Some commentators see Jacob’s act as an intentional faith lesson for Joseph and his sons. Joseph, Ephraim and Manasseh are definitely more Egyptian than anyone else in their family, making them the least familiar— or entrenched— in the family’s destiny story. At what is perhaps Jacob’s final opportunity to influence, shape and direct his offspring, Jacob imparts to them the promises, beliefs, and hopes given to him and his patriarchs by God so that they will not forget that Egypt is not their home. Jacob even underscores this point by repeating his desire to be buried in the Promised Land and not Egypt. His blessing, then, includes showing them with words what their role in God’s covenant will produce: generations would look to them as examples of what it meant to be blessed by God.
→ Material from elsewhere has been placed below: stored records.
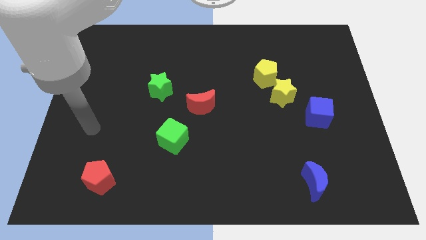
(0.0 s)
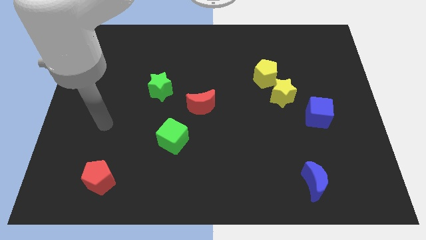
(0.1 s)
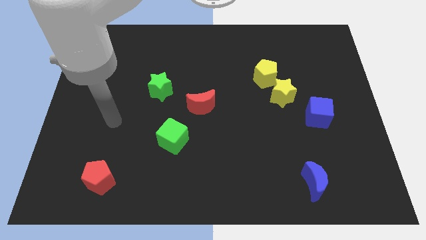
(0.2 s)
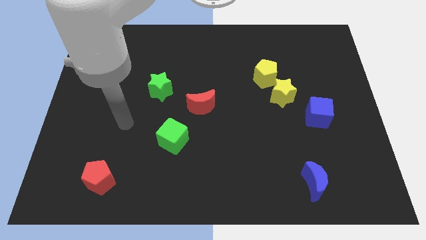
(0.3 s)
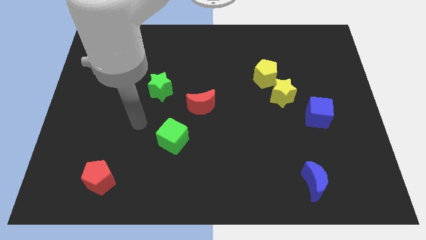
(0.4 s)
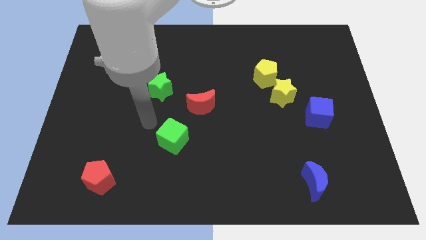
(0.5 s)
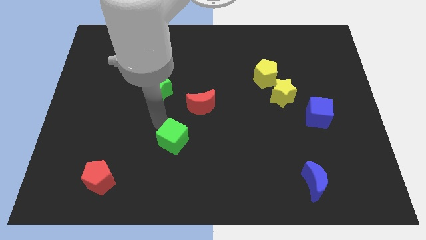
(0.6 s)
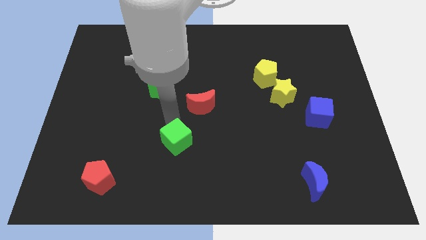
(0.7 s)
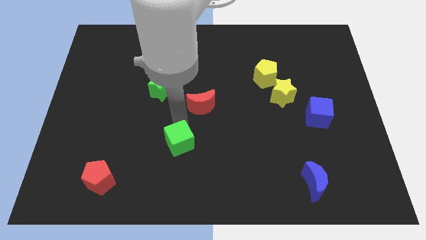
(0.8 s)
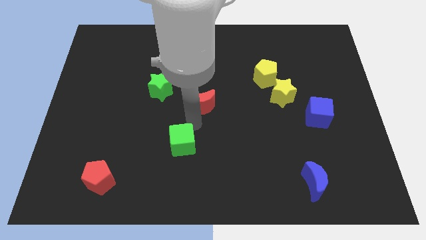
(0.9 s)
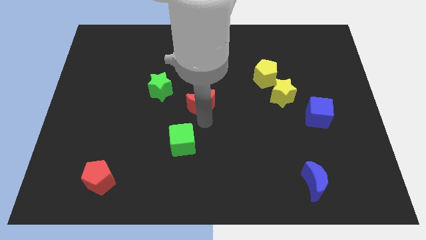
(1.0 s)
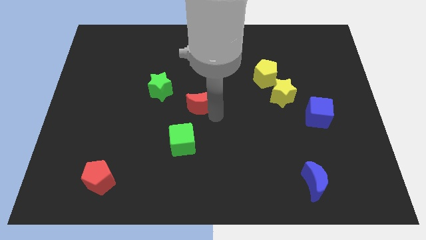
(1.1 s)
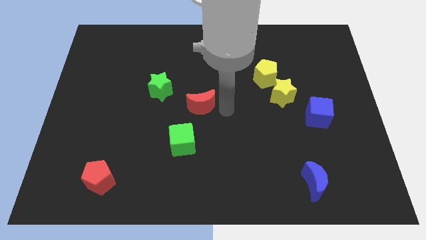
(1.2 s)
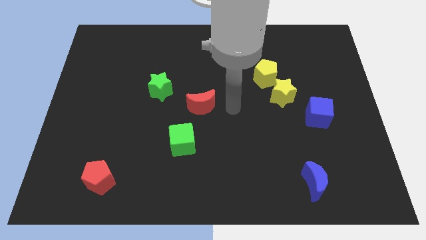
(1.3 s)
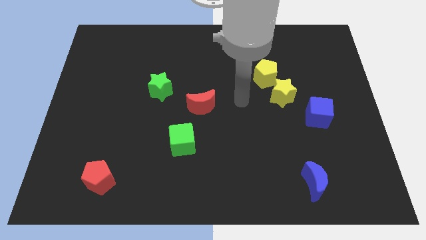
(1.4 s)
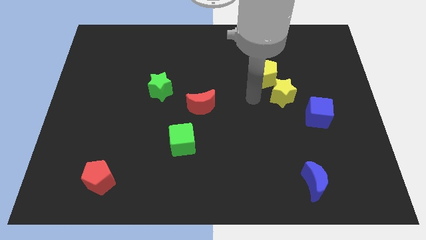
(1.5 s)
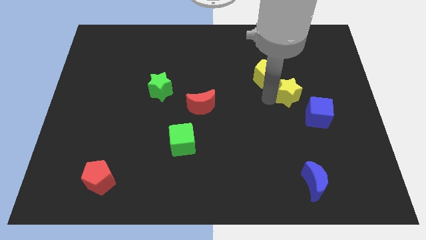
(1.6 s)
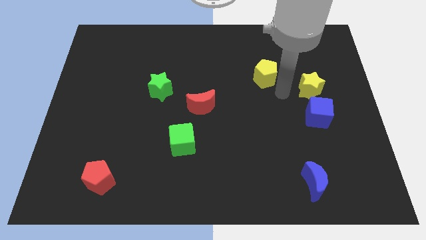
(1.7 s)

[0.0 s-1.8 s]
move the yellow pentagon away from the yellow star

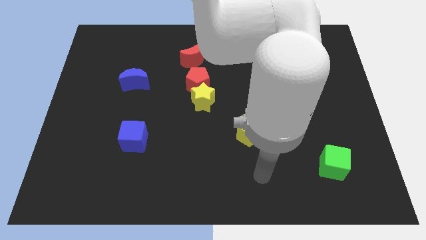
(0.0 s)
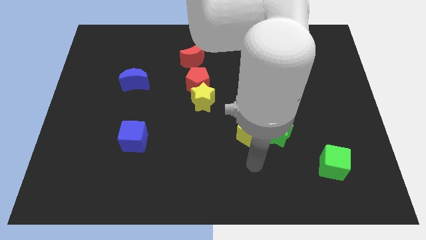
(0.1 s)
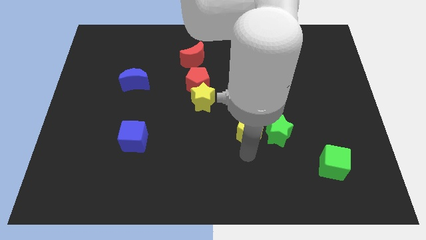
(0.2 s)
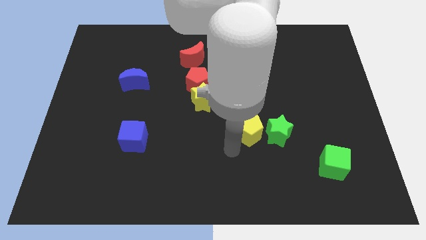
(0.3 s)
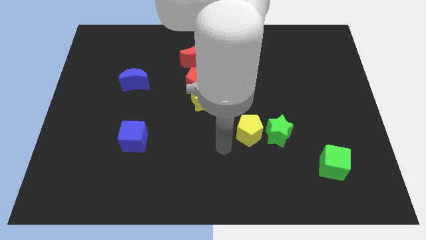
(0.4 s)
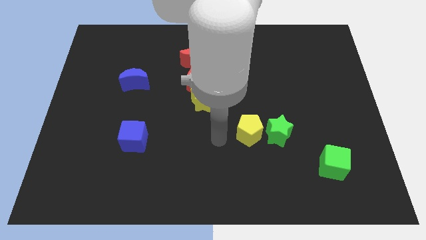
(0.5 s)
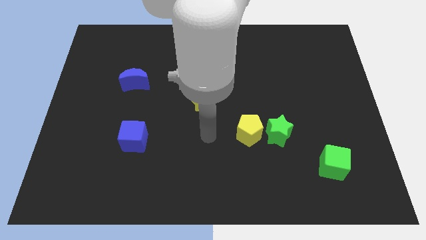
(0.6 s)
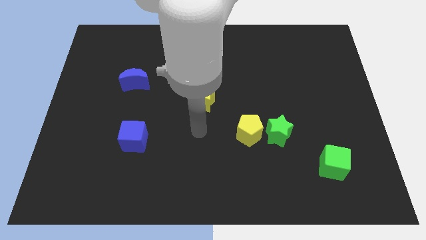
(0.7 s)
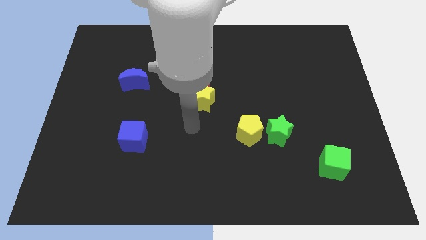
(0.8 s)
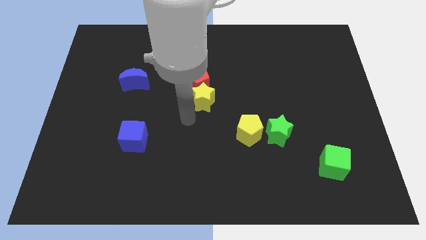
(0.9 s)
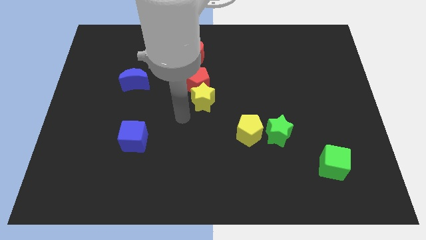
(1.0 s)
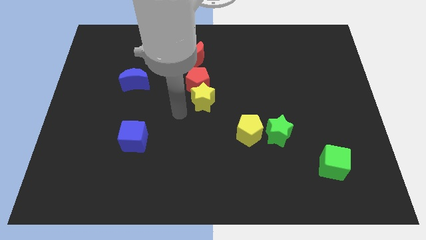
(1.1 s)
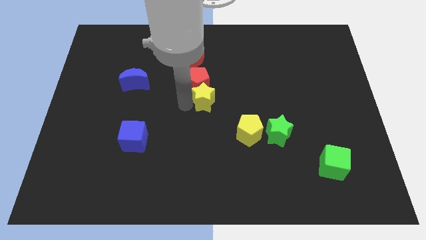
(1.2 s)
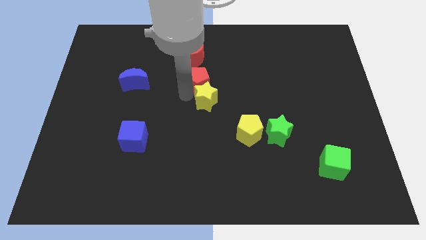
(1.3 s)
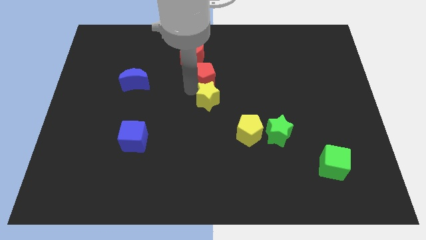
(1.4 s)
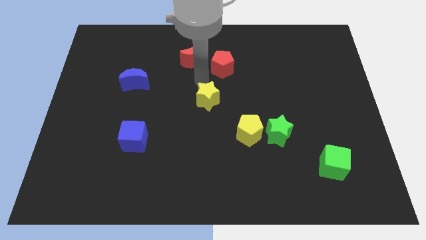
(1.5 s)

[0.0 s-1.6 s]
move the yellow star away from the red pentagon

As far as blessings go, the blessing Jacob gives to Joseph and his grandsons is breathtakingly meaningful. In fact, certain scholars see Jacob’s blessing, with its refrain of “The God… the God… the angel…” as the predecessor of the well-known Aaronic blessing in Numbers 6.24-26. Such a blessing, coming from a man who lived his faith, did not let go once he grasped on to God (remember his wrestling in Genesis 32), who fled from danger on more than one occasion, and who trusted God to be his closest relative and redeemer (the Hebrew sense of the word used for “rescuer” is kinsman-redeemer— the sort of rescuing depicted in Ruth), carries with it the weight of God’s glory and the power of the Holy Spirit. Notice too, that most of the blessing is about the power, presence and purpose of God: the one before whom the patriarchs walked, the one who accompanied and kept Jacob himself safe in the present, may this almighty God bless these boys and go with them so as to keep God’s promises alive!
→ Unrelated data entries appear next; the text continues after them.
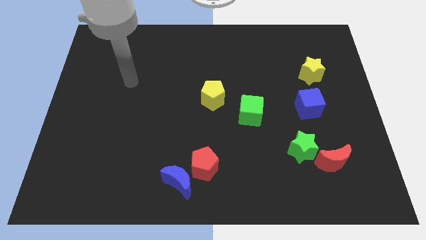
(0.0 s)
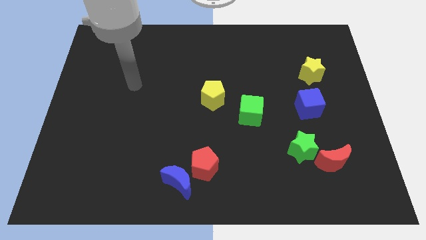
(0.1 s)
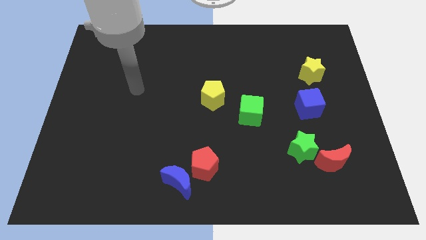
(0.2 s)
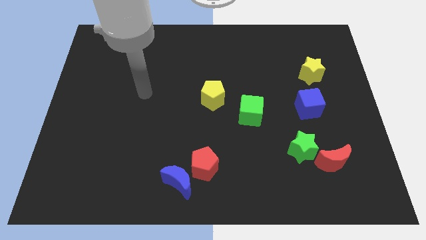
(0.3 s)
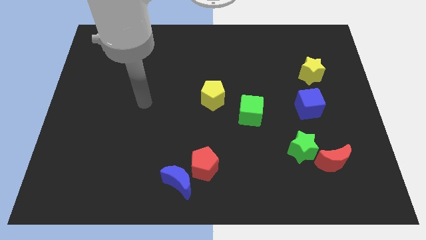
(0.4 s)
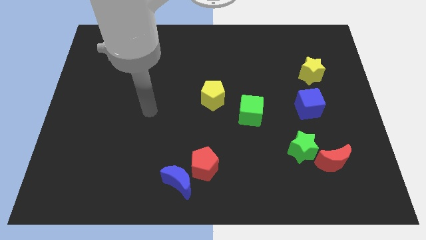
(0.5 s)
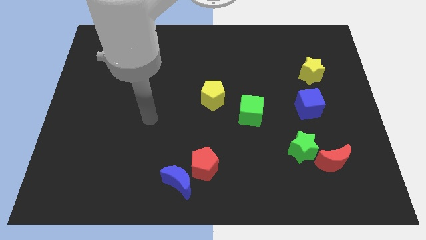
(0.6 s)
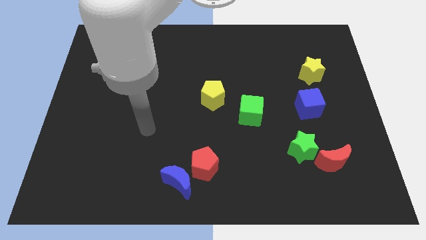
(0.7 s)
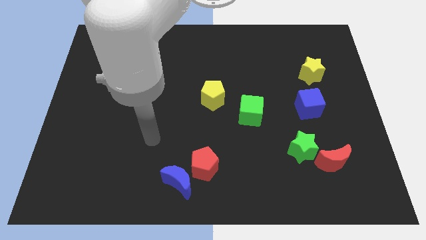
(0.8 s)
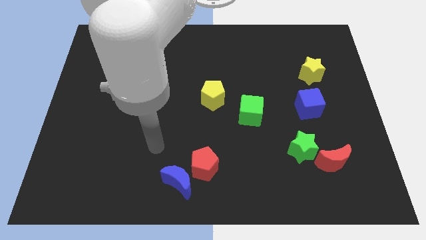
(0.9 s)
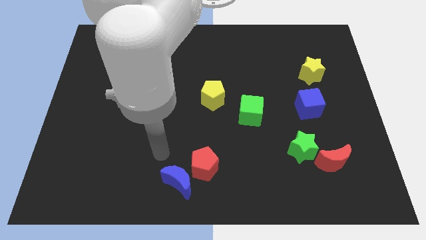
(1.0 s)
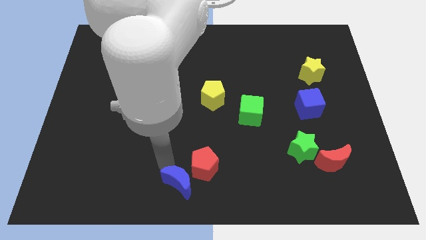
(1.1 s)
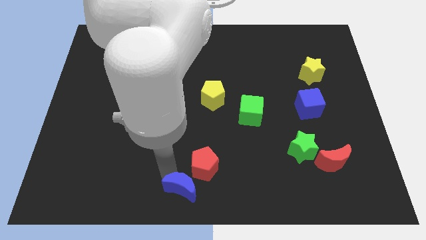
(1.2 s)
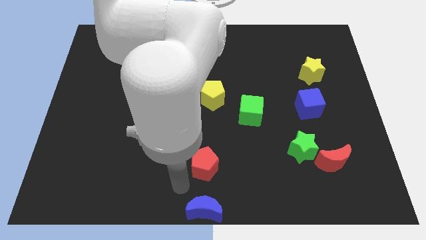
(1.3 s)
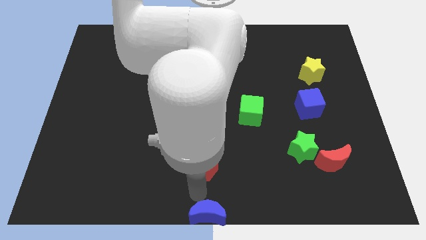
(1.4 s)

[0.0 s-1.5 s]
separate the red pentagon from the blue moon

In my tradition, we baptize infants as part of God’s covenant. In the moment directly after their baptism, I hold their face in my hands and give them the Aaronic blessing, each time using their name instead of ‘you’ to emphasize the Father’s love and care for them; it serves as a prayer that God would keep his covenant promises all their life. To me, it’s the same sort of blessing that Jacob gives to Joseph, Ephraim and Manasseh because it connects the past, present and future in the life of an individual. I give to them the blessing of God, who— like Jacob with Ephraim and Manasseh— chooses to see them as his adopted child.
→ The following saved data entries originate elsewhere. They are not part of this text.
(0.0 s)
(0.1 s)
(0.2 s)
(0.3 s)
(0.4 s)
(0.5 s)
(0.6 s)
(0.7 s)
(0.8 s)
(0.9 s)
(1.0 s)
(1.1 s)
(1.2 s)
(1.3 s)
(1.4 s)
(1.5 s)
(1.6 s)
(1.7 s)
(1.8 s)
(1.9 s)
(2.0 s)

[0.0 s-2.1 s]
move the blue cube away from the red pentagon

Baptism for Christians is also about recognizing the gift and blessings of knowing Christ and being a member of God’s family, co-heirs of God’s promises in Jesus. Galatians 3.28-29 expresses so well what it means to be an heir, adopted into God’s family: “There is no longer Jew or Greek, there is no longer slave or free, there is no longer male and female; for all of you are one in Christ Jesus. And if you belong to Christ, then you are Abraham’s offspring, heirs according to the promise.” Just as Jacob blessed his grandsons and elevated them to the place of sons so as to ensure their involvement in the promise, Christ has made us the heirs of that very same promise. Jesus is the fulfillment of the promise and the one who gives us our status before the Father in heaven.